Exercise directions »
Among the entries that follow, some lines contain the word "Artist". Show all of them.

Source records
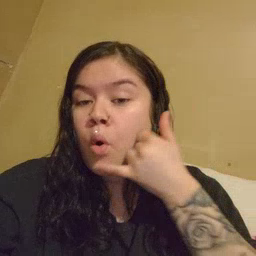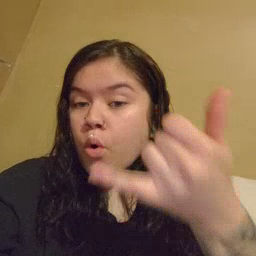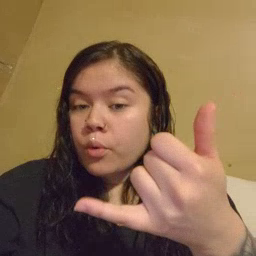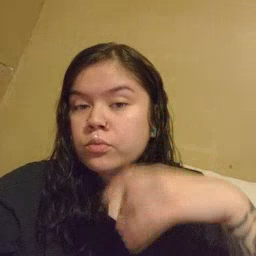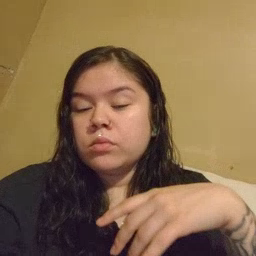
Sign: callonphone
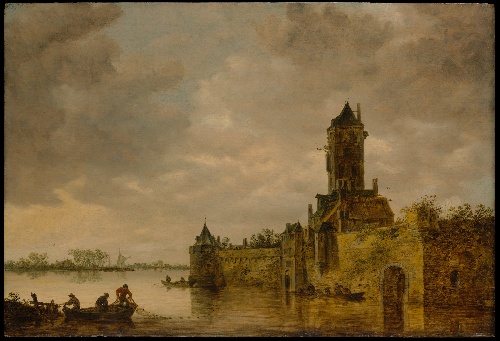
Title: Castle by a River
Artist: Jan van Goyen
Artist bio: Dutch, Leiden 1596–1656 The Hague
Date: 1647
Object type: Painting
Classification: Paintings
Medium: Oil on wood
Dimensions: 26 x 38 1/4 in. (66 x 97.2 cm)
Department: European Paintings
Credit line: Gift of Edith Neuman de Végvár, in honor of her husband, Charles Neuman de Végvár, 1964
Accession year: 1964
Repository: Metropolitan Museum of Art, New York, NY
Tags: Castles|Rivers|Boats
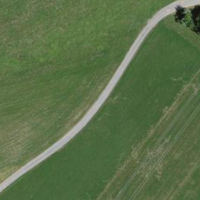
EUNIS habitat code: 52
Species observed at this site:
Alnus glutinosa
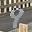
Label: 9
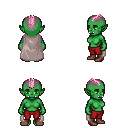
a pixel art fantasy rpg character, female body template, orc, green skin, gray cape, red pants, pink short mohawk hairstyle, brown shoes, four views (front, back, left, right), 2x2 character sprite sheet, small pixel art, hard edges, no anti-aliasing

Worked solution »
Artist: Jan van Goyen
Artist bio: Dutch, Leiden 1596–1656 The Hague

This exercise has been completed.